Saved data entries

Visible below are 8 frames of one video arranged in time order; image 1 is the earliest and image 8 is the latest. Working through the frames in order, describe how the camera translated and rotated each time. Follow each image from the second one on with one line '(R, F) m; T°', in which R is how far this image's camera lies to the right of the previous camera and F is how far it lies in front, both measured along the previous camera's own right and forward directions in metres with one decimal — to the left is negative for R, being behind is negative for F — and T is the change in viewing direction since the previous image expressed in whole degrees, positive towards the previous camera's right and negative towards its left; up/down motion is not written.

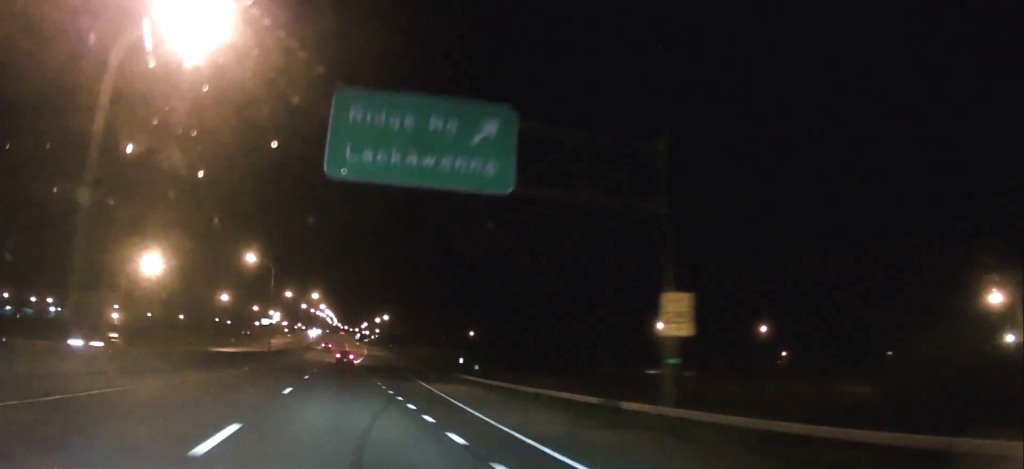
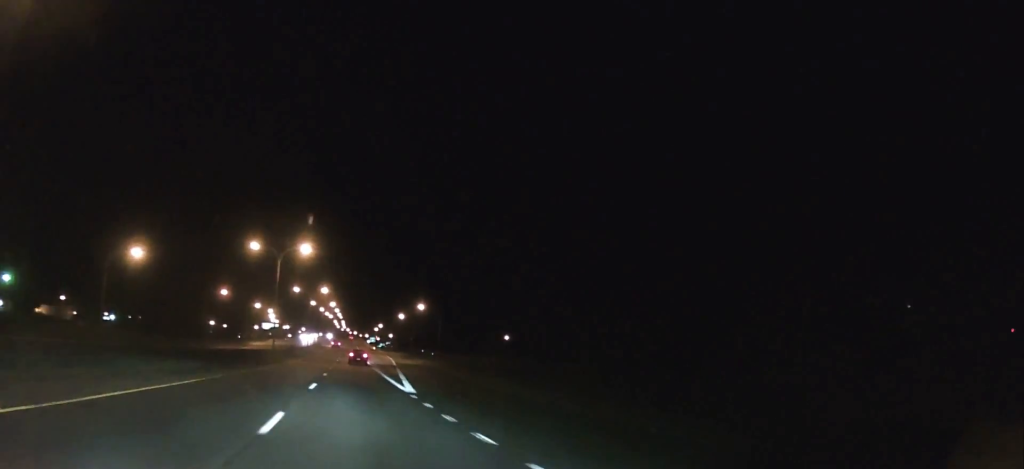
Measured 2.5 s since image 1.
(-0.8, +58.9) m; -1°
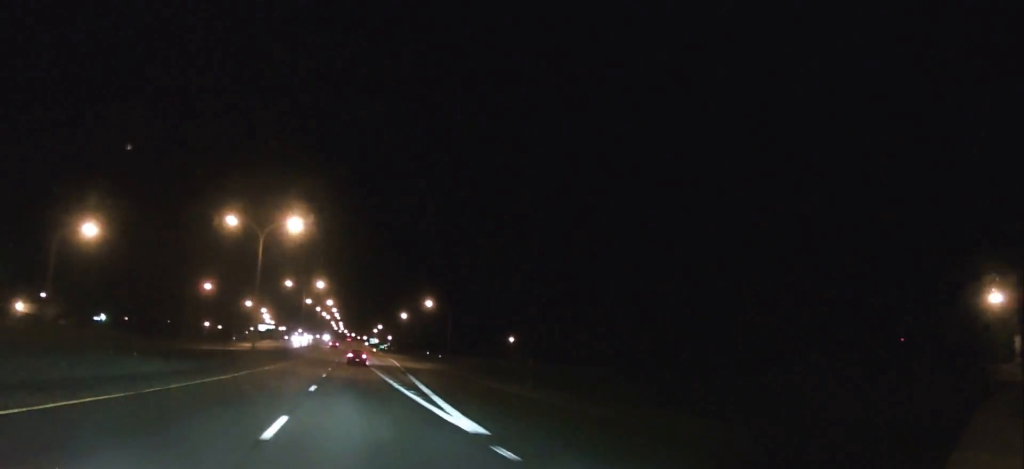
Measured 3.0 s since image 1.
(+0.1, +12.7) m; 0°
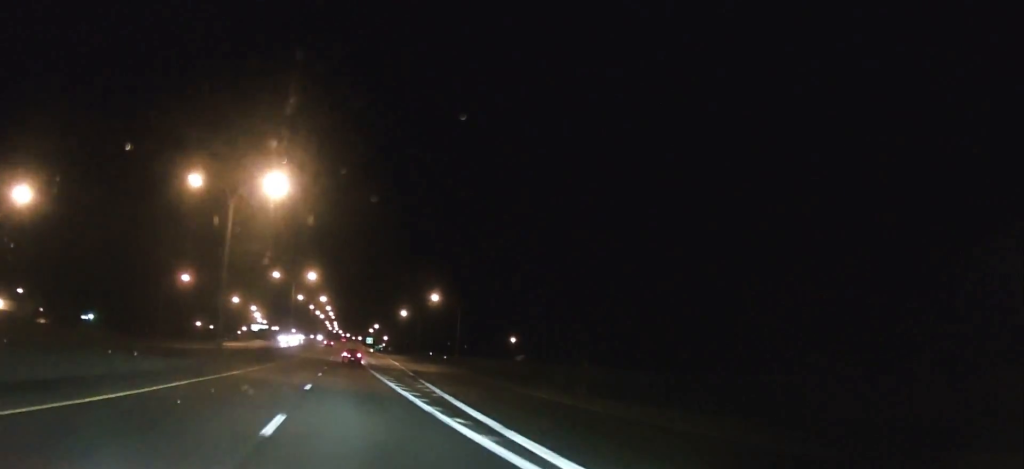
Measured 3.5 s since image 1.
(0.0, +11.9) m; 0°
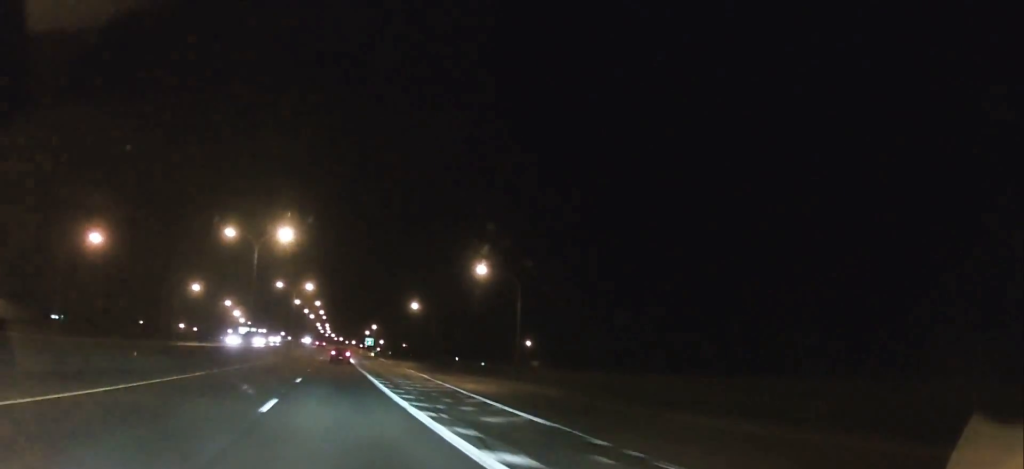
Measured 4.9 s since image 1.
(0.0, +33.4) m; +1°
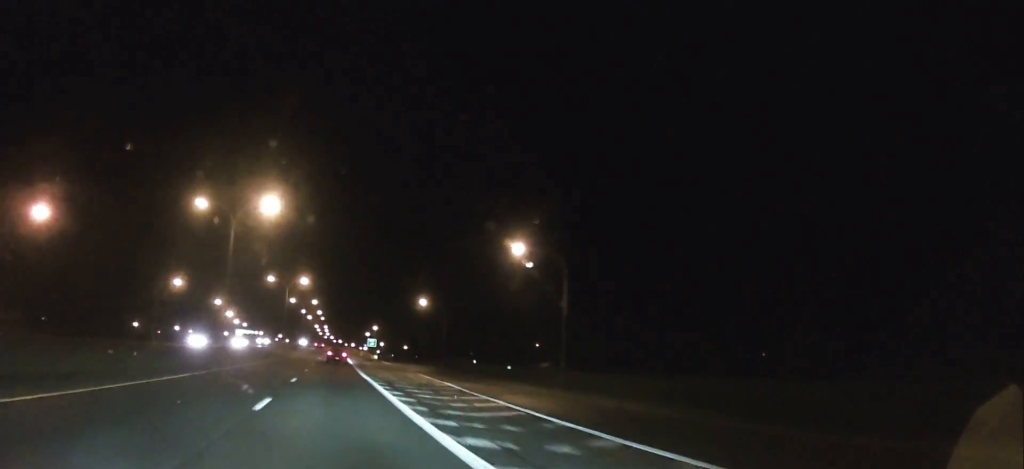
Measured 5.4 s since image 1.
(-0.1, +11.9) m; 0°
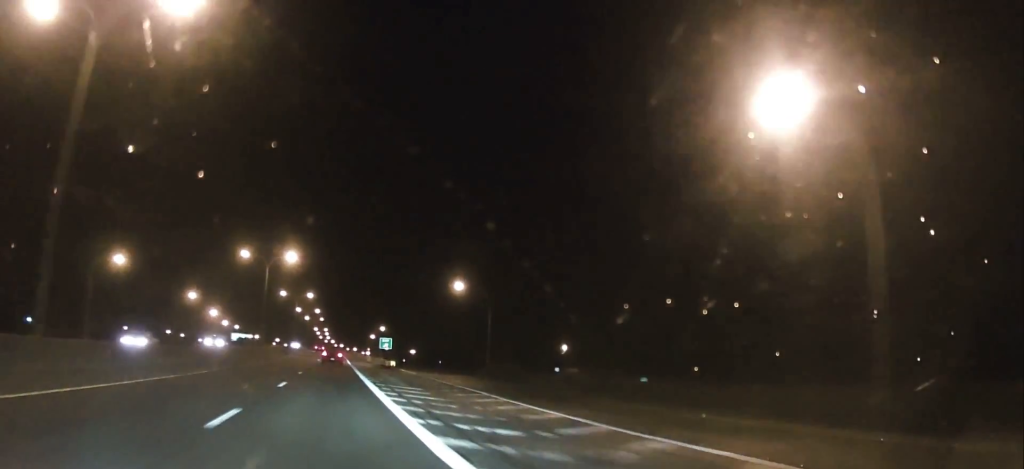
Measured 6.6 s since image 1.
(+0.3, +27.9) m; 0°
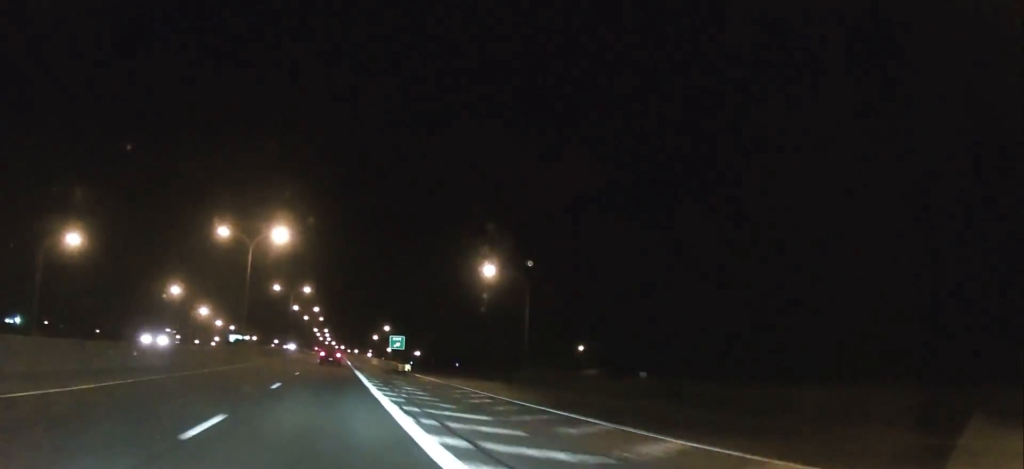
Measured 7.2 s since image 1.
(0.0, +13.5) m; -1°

* [Assignment]
Output the lines above in full and exactly as given, omitting any pictures.

* [Exercise output]
Visible below are 8 frames of one video arranged in time order; image 1 is the earliest and image 8 is the latest. Working through the frames in order, describe how the camera translated and rotated each time. Follow each image from the second one on with one line '(R, F) m; T°', in which R is how far this image's camera lies to the right of the previous camera and F is how far it lies in front, both measured along the previous camera's own right and forward directions in metres with one decimal — to the left is negative for R, being behind is negative for F — and T is the change in viewing direction since the previous image expressed in whole degrees, positive towards the previous camera's right and negative towards its left; up/down motion is not written.

Measured 2.5 s since image 1.
(-0.8, +58.9) m; -1°
Measured 3.0 s since image 1.
(+0.1, +12.7) m; 0°
Measured 3.5 s since image 1.
(0.0, +11.9) m; 0°
Measured 4.9 s since image 1.
(0.0, +33.4) m; +1°
Measured 5.4 s since image 1.
(-0.1, +11.9) m; 0°
Measured 6.6 s since image 1.
(+0.3, +27.9) m; 0°
Measured 7.2 s since image 1.
(0.0, +13.5) m; -1°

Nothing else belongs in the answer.